Sunday, July 08, 2012

Haven't learned a thing

I thought I'd posted about this story last year when it first broke, but looking over my list, it appears I didn't. I can't find the original story on the Ottawa Citizen archives, just this .pdf version. To recap briefly, here in Ottawa there is a Catholic parish called the Church of the Blessed Sacrament. Like a lot of downtown parishes, it went through a decline during the 80s and 90s and lost a lot of people. But a new priest, Father Joe LeClair, took over in the late 90s and turned it around. Very charismatic, likable guy - there was an admiring profile of him in the paper back in 2004, and he sounded like a happy-clappy kind of guy, not too deep in his theology, but I know a lot of people like that sort of enthusiastic atmosphere. Doesn't appeal to me, but that's just my taste - I like a lot more gravity and ceremony.

Anyway, it turned out he had a gambling problem, and the Citizen scooped the story with a big frontpage exposé. They've been following it ever since.

The first result of the story was that the bishop, now aware of the problem, ordered an outside audit of the parish's finances. Like a lot of parishes, the finances were handled by parish volunteers, and it turned out there was very little control or oversight of how money was accessed. Fr. LeClair's salary was only $24,000 per year (I was shocked by how little it was) and he'd been spending almost half a million dollars over the previous two years. He maintained he hadn't taken any money from the church, but some explanation had to be found for this huge discrepancy.

After the auditors finished their investigation, a few months later, the diocese turned the matter over to the police. The reaction of the parishioners is what shocked me.

There was a strong push to sweep the whole matter under the carpet and anger at the diocese for involving outsiders.
Speaker after speaker criticized both the Citizen for its coverage of the case and the diocese for its decision to refer the matter to the Ottawa police for investigation.

One parishioner accused the diocese of failing to show LeClair the kind of compassion offered Nova Scotia Bishop Raymond Lahey, who was allowed to stay at a Catholic residence in Ottawa while he awaited trial on charges of importing child pornography.
Lahey might have been given a place to stay (and a location where the police would know where to find him) but he wasn't spared police investigation of his own wrongdoing, so I'm not sure what comparison the person thought he was making.
Others said LeClair had been "thrown under the bus" by the diocese despite revitalizing Blessed Sacrament and giving so thoroughly of himself as pastor.

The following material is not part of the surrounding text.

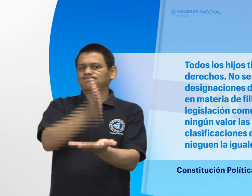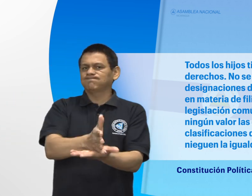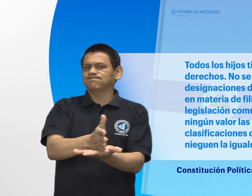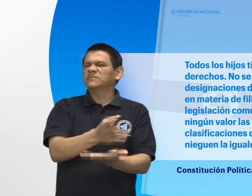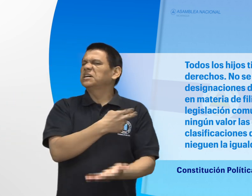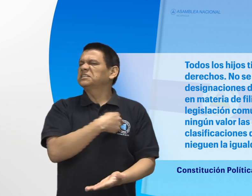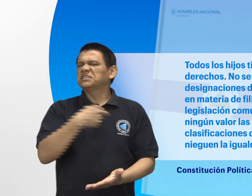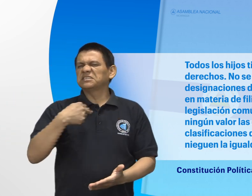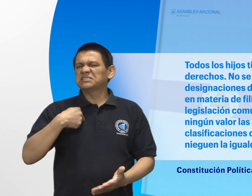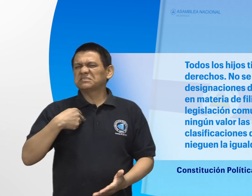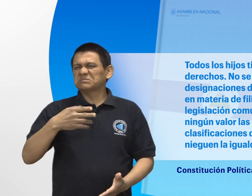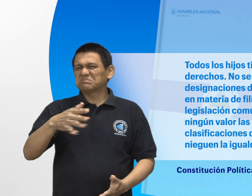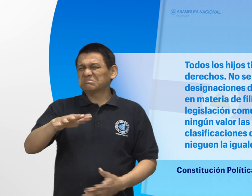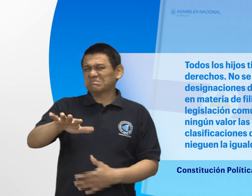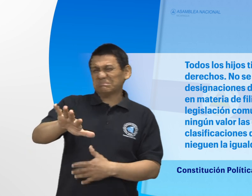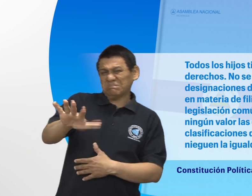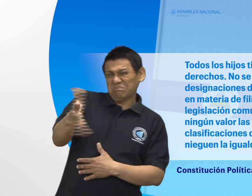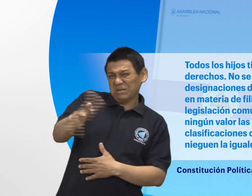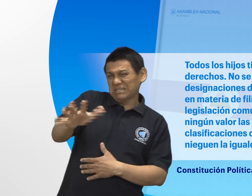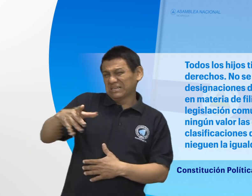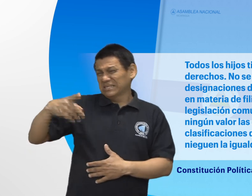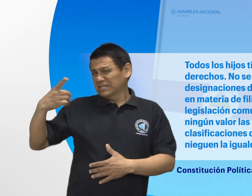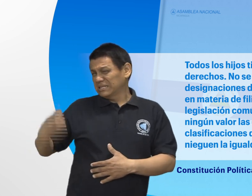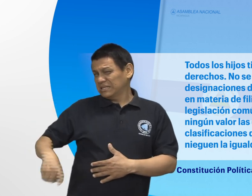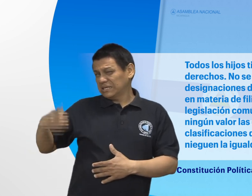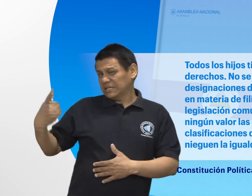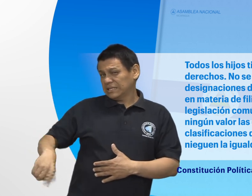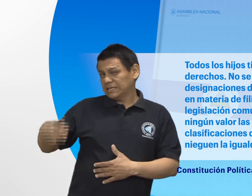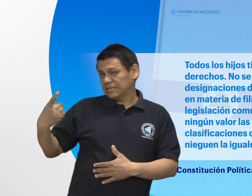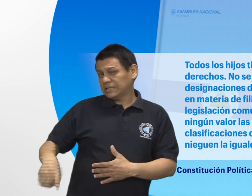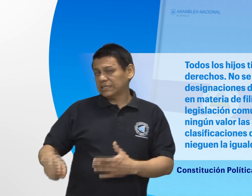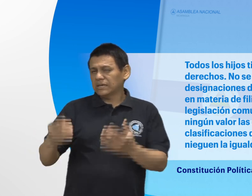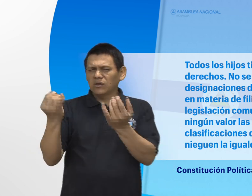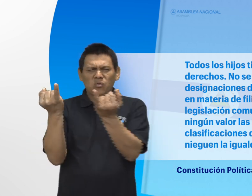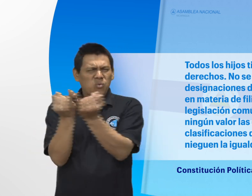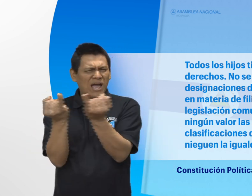que disminuyan o nieguen la igualdad de los hijos.

Many wanted the matter resolved within the church family, rather than through the involvement of police.

I'm simply stunned to hear this sort of talk from ANY Catholic, after everything we've gone through in the past 10 years. Wasn't this the identical reasoning behind all the homosexual molestation coverups over the last decades? "We don't want to air our dirty linen in public, this is a church matter, it doesn't concern the police. We can handle it on our own."
LeClair suffered from a gambling addiction, an illness, and deserved to be embraced rather than "crucified," one said.
Yeah, that too, the "We mustn't be judgmental, we're all sinners and we have to help him" line which sent predators bouncing from treatment center to parishes all over the country.

The diocese deserves credit for thinking clearly on the matter:
But Msgr. Beach said the investigation is now in the hands of the Ottawa police, "who will take the investigation to its logical conclusion. … We are not going to withdraw the complaint."

The matter was referred to the police, Beach said, because the diocese did not have the expertise or investigative power to address questions raised by the church's review of Blessed Sacrament's finances.

Just last week, this story returned to the headlines when the Ottawa police laid charges against Leclair for fraud and misappropriation of funds. (Money laundering too, though that's not explained.) This involves a lot of money, almost a quarter of a million dollars. No way could a local parish with nothing but the efforts of its parishioners handle such a matter. After nearly a year, it's to be hoped that sore feelings have died down a bit, and people realize that this couldn't be hushed up. But it's worth noting that in this case it was the LAITY that wanted to evade the hard admissions, not the hierarchy.